Accesses of on-chip spaces are as follows: On-chip peripheral module spaces (area 5 when address
bit A27 is 1) are always 3 states, regardless of the WCR, with no WAIT signal sampling. Accesses
of on-chip ROM (area 0 when MD2–MD0 are 010) and on-chip RAM (area 7 when address bit
A27 is 0) are always performed in 1 state, regardless of the WCR, with no WAIT signal sampling.
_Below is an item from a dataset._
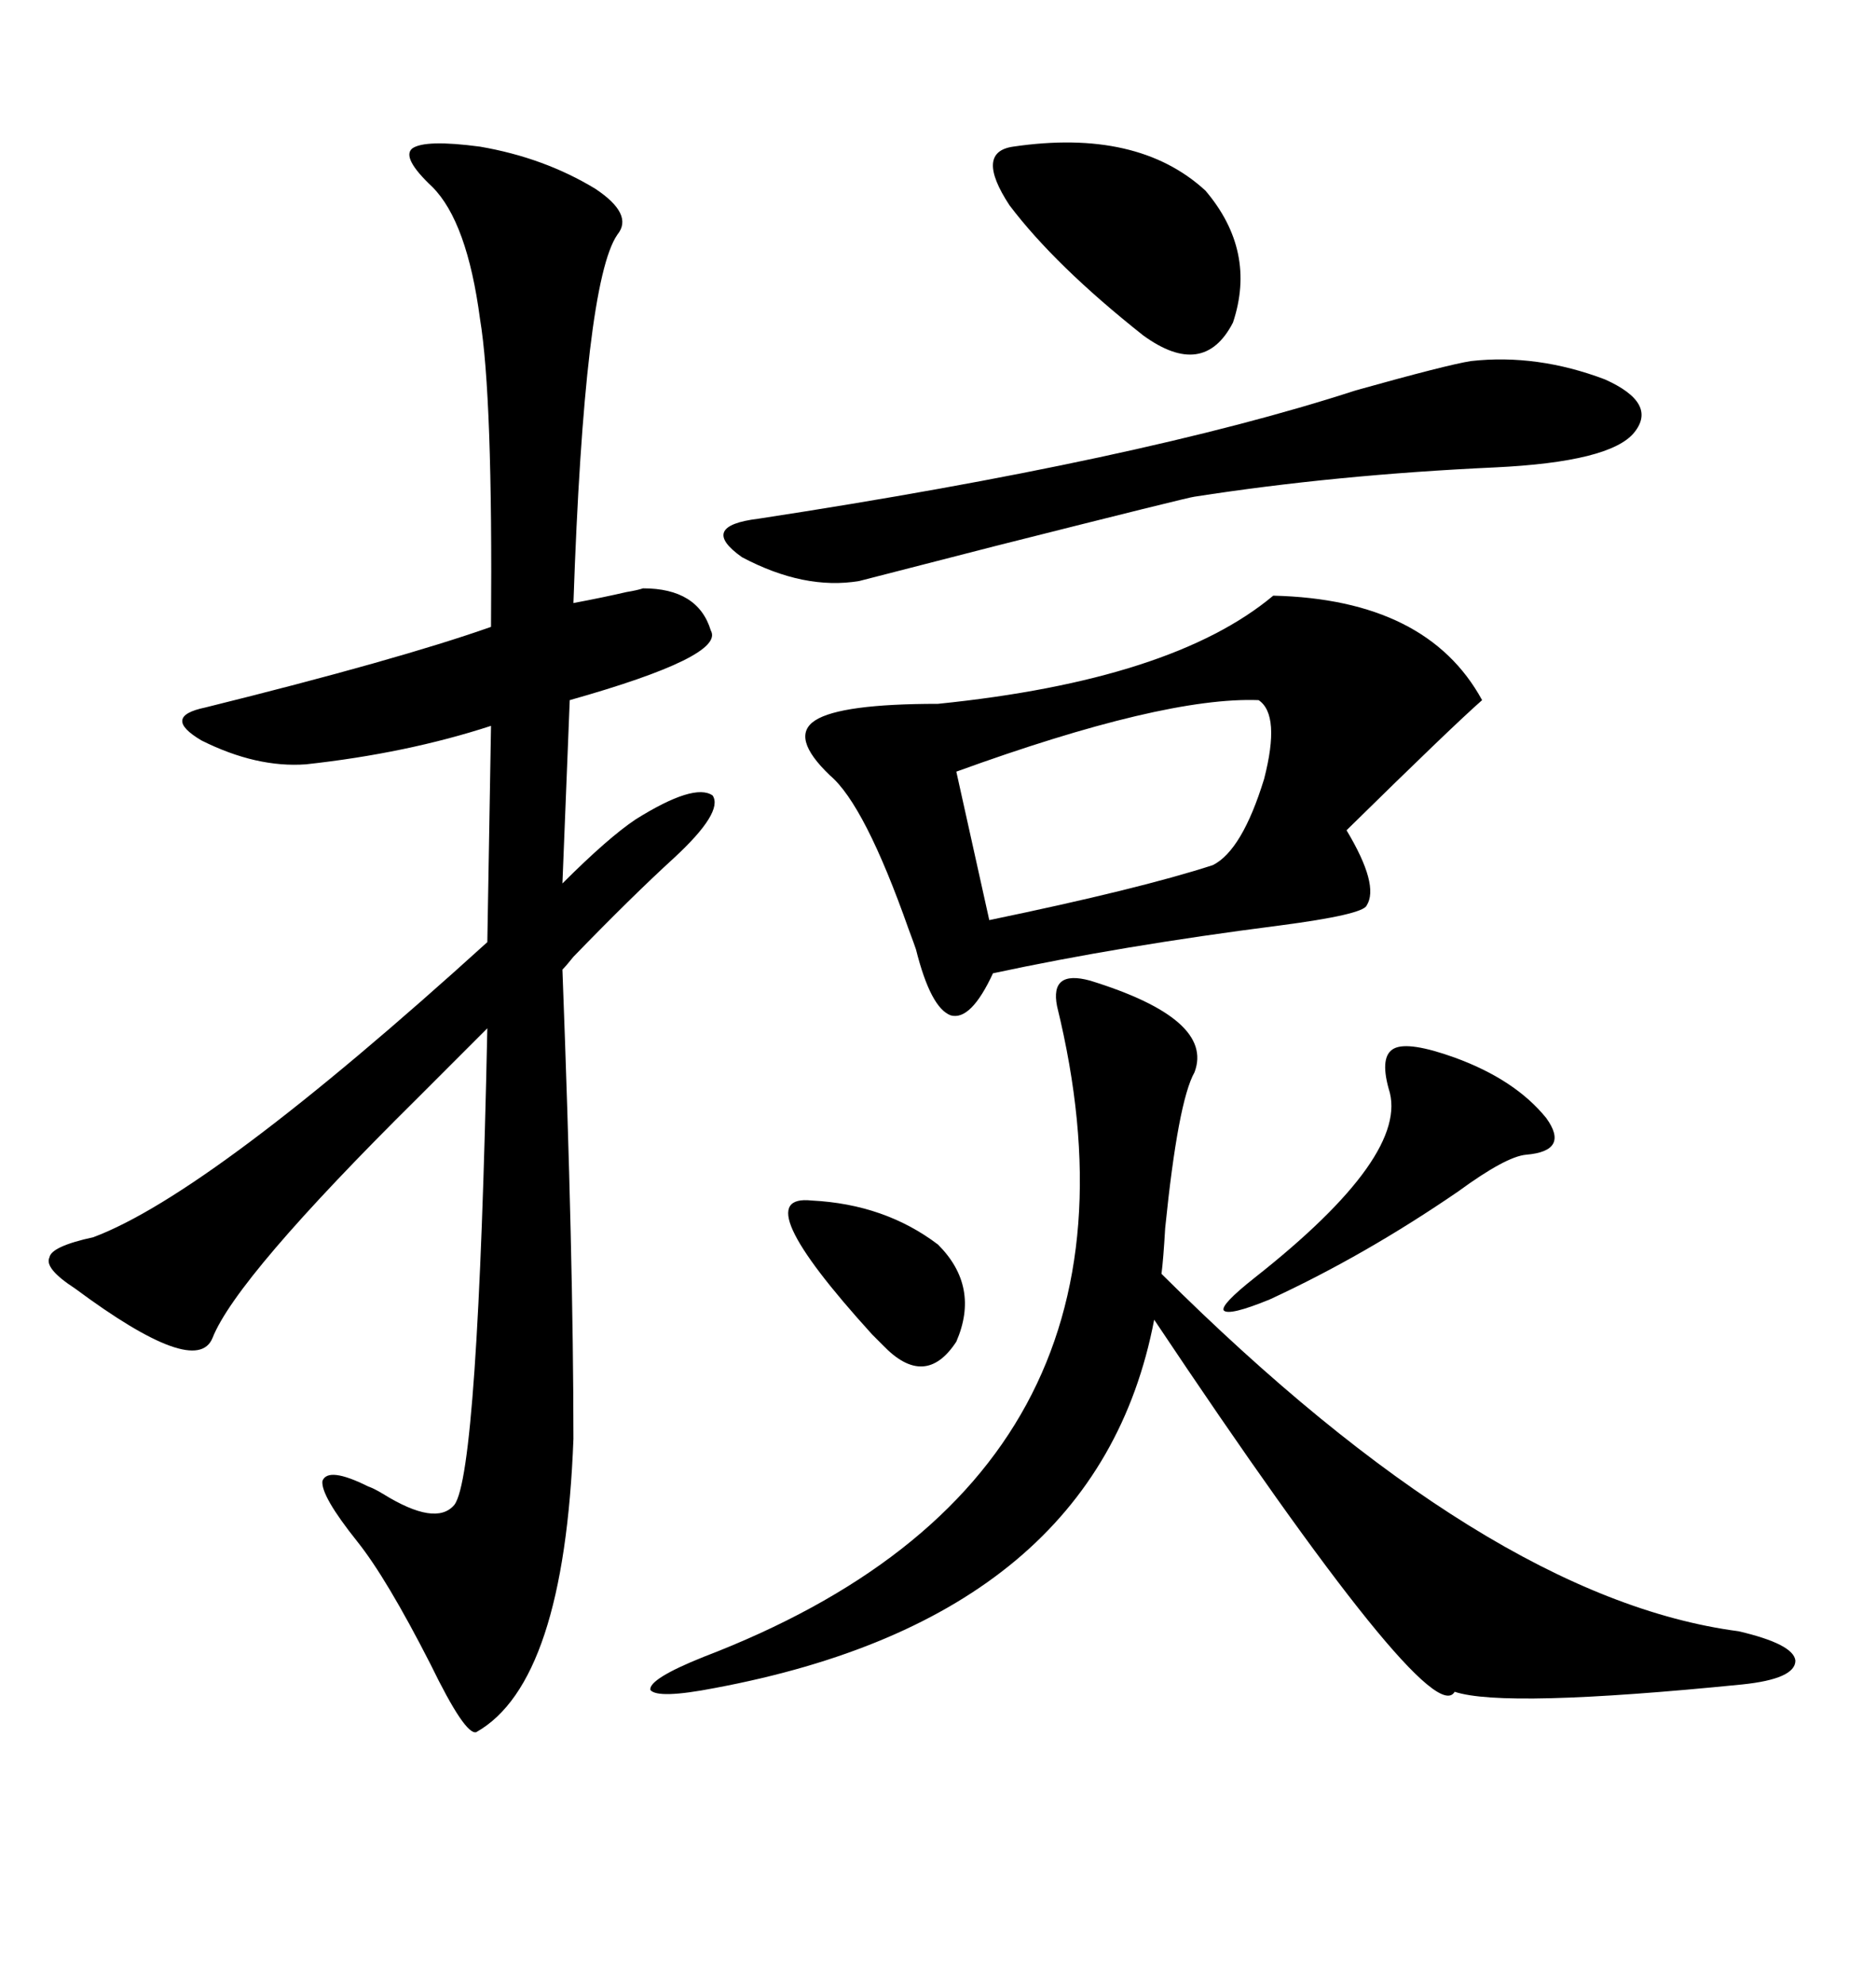 <svg xmlns="http://www.w3.org/2000/svg" xmlns:xlink="http://www.w3.org/1999/xlink" width="300" height="317.285"><path d="M76.76 23.44L76.76 23.44Q87.01 25.20 95.21 30.18L95.21 30.18Q101.37 34.28 98.73 37.50L98.73 37.50Q93.46 45.12 91.70 96.39L91.70 96.39Q96.39 95.51 100.20 94.63L100.20 94.63Q101.95 94.34 102.83 94.04L102.83 94.04Q111.62 94.04 113.67 100.78L113.67 100.78Q116.02 104.88 91.11 111.91L91.11 111.91L89.94 141.21Q97.27 133.89 101.66 130.96L101.66 130.96Q111.04 125.10 113.96 127.15L113.96 127.15Q115.72 129.79 107.81 137.11L107.81 137.11Q101.07 143.26 91.70 152.93L91.70 152.93Q90.53 154.39 89.94 154.98L89.94 154.98Q91.70 201.56 91.70 229.98L91.70 229.98Q90.23 268.95 76.17 276.86L76.17 276.86Q74.41 277.44 68.85 266.02L68.85 266.02Q61.82 252.25 57.13 246.39L57.13 246.39Q51.27 239.06 51.56 236.72L51.56 236.72Q52.44 234.38 58.89 237.60L58.89 237.60Q59.77 237.89 61.23 238.77L61.23 238.77Q69.73 244.04 72.66 240.53L72.66 240.53Q76.46 235.55 77.93 164.36L77.93 164.36Q74.12 168.16 66.80 175.49L66.80 175.49Q37.79 204.20 33.98 213.87L33.98 213.87Q31.35 220.31 12.01 205.96L12.01 205.96Q7.03 202.73 7.91 200.98L7.91 200.98Q8.20 199.22 14.94 197.75L14.94 197.75Q33.69 190.72 77.93 150.59L77.93 150.59L78.52 116.02Q65.04 120.41 48.93 122.17L48.93 122.17Q41.02 122.75 32.23 118.36L32.23 118.36Q25.78 114.55 32.81 113.09L32.81 113.09Q63.57 105.47 78.52 100.20L78.52 100.20Q78.81 63.28 76.76 50.98L76.76 50.98Q74.71 35.45 69.14 29.88L69.14 29.88Q64.16 25.20 65.92 23.73L65.92 23.73Q67.97 22.27 76.76 23.44ZM203.61 95.21L203.61 95.21Q228.22 95.80 237.01 111.91L237.01 111.91Q232.32 116.02 215.33 132.71L215.33 132.71Q220.61 141.50 218.55 144.73L218.55 144.73Q217.97 146.19 204.49 147.95L204.49 147.95Q179.30 151.17 158.79 155.57L158.79 155.57Q155.27 163.18 152.05 162.30L152.05 162.30Q148.83 161.13 146.48 151.76L146.48 151.76Q146.19 150.88 145.31 148.54L145.31 148.54Q138.28 128.61 132.71 123.93L132.71 123.93Q126.27 117.77 130.37 115.14L130.37 115.14Q134.47 112.50 150 112.50L150 112.50Q187.50 108.69 203.61 95.21ZM174.32 156.74L174.32 156.74Q194.24 162.89 191.02 171.39L191.02 171.39Q188.38 176.07 186.33 196.29L186.33 196.29Q186.04 201.27 185.74 203.61L185.74 203.61Q237.89 255.47 278.03 260.74L278.03 260.74Q286.82 262.79 287.11 265.43L287.11 265.43Q287.11 268.36 278.61 269.24L278.61 269.24Q240.53 273.05 232.62 270.41L232.62 270.41Q228.81 277.15 184.57 210.94L184.57 210.94Q175.49 258.40 114.26 269.82L114.26 269.82Q105.18 271.58 104.00 270.12L104.00 270.12Q103.71 268.36 112.50 264.84L112.50 264.84Q187.50 236.13 169.04 160.84L169.04 160.84Q167.87 154.98 174.32 156.74ZM235.25 57.71L235.25 57.71Q245.80 56.54 256.64 60.64L256.64 60.64Q265.14 64.45 261.33 69.14L261.33 69.14Q257.52 73.83 239.06 74.71L239.06 74.71Q213.57 75.88 191.02 79.39L191.02 79.39Q190.43 79.39 159.08 87.30L159.08 87.30Q138.57 92.58 137.40 92.87L137.40 92.87Q128.61 94.34 118.65 89.06L118.65 89.06Q111.62 84.08 121.29 82.91L121.29 82.91Q182.52 73.54 216.80 62.40L216.80 62.40Q231.45 58.30 235.25 57.71ZM201.27 111.91L201.27 111.91Q186.04 111.33 152.93 123.34L152.93 123.34L158.20 147.07Q182.23 142.09 193.95 138.28L193.95 138.28Q198.63 135.94 202.15 124.51L202.15 124.51Q204.79 114.26 201.27 111.91ZM162.01 23.44L162.01 23.44Q181.93 20.51 192.77 30.47L192.77 30.47Q200.98 40.14 197.17 51.56L197.17 51.56Q192.48 60.64 182.81 53.61L182.81 53.61Q168.75 42.48 161.43 32.81L161.43 32.81Q155.86 24.32 162.01 23.44ZM222.07 174.02L222.07 174.02Q220.61 168.75 222.95 167.58L222.95 167.58Q225.29 166.41 232.62 169.04L232.62 169.04Q242.29 172.56 247.27 178.71L247.27 178.71Q251.07 183.98 244.04 184.57L244.04 184.57Q240.82 184.86 233.20 190.43L233.20 190.43Q218.26 200.68 203.03 207.71L203.03 207.71Q196.58 210.35 195.70 209.47L195.70 209.47Q195.12 208.59 200.68 204.20L200.68 204.20Q225.59 184.57 222.07 174.02ZM129.79 191.89L129.79 191.89Q141.50 192.48 150 198.93L150 198.93Q156.74 205.66 152.93 214.45L152.93 214.45Q147.95 222.07 141.21 215.04L141.21 215.04Q140.63 214.45 139.45 213.28L139.45 213.28Q118.95 190.72 129.79 191.89Z"/></svg>

If the bus timing specifications (tWTS and tWTH) are not observed when the WAIT signal is input
in external space access, this will simply mean that WAIT signal assertion and negation will not
be detected, but will not result in misoperation. Note, however, that the inability to detect WAIT
signal assertion may result in a problem with memory access due to insertion of an insufficient
number of waits.
8.10 Bus Arbitration
The SuperH microcomputer can release the bus to external devices when they request the bus. It
has two internal bus masters, the CPU and the DMAC. Priorities for releasing the bus for these
two are as follows.
Bus request from external device > refresh > DMAC > CPU
Thus, an external device has priority when it generates a bus request, even when the DMAC is
doing a burst transfer.
Note that when a refresh request is generated while the bus is released to an external device,
BACK becomes high level and the bus right can be acquired to perform the refresh upon receipt of
a BREQ = high level response from the external device. Input all bus requests from external
devices to the BREQ pin. The signal indicating that the bus has been released is output from the
BACK pin. Figure 8.35 illustrates the bus release procedure.